DATASET EXTRACT –
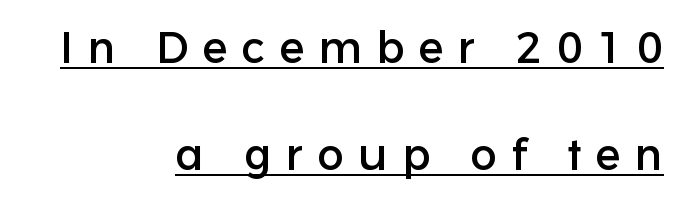
The image shows 44 px sans-serif type, upright; set right-aligned, loose line spacing (2.43x), unusually wide letter spacing (+0.33 em), underlined; low stroke contrast and a medium x-height.
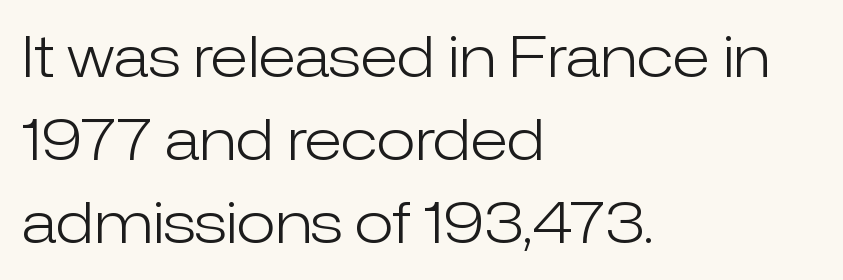
In terms of posture, this sample is upright. Beneath every word, the page is bare. No letter is thick-stroked: the sample isn't bold. Observe the ordinary spacing: letters are neighbours, not strangers. Serifs: no, the terminals of the letterforms are clean. Proportional: the letters do not fall into vertical columns.
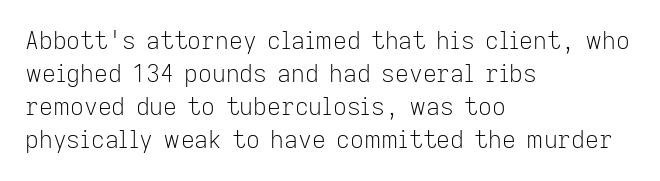
Q: Is the text bold? A: No.
Q: Is the text italic (slanted)? A: No, it is upright.
Q: Is the text underlined? A: No.
Q: How is the paragraph aligned? A: Left-aligned.
Q: Is the spacing between letters normal or unusually wide? A: Normal.
Q: Is the spacing between lines tight, normal or loose? A: Normal.
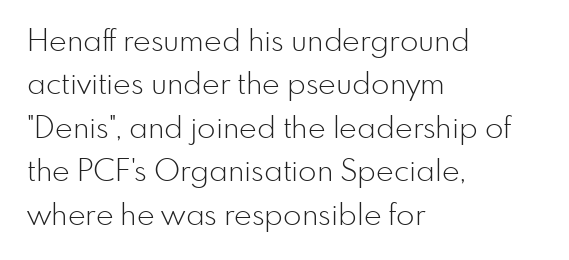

PROBLEM DETAILS –
All lines from the one containing "In terms of" to the last line of the records above, and no others, should be returned unchanged, without pictures.

TASK RESULT –
In terms of posture, this sample is upright. Beneath every word, the page is bare. No letter is thick-stroked: the sample isn't bold. Observe the ordinary spacing: letters are neighbours, not strangers. Serifs: no, the terminals of the letterforms are clean. Proportional: the letters do not fall into vertical columns.
Q: Is the text bold? A: No.
Q: Is the text italic (slanted)? A: No, it is upright.
Q: Is the text underlined? A: No.
Q: How is the paragraph aligned? A: Left-aligned.
Q: Is the spacing between letters normal or unusually wide? A: Normal.
Q: Is the spacing between lines tight, normal or loose? A: Normal.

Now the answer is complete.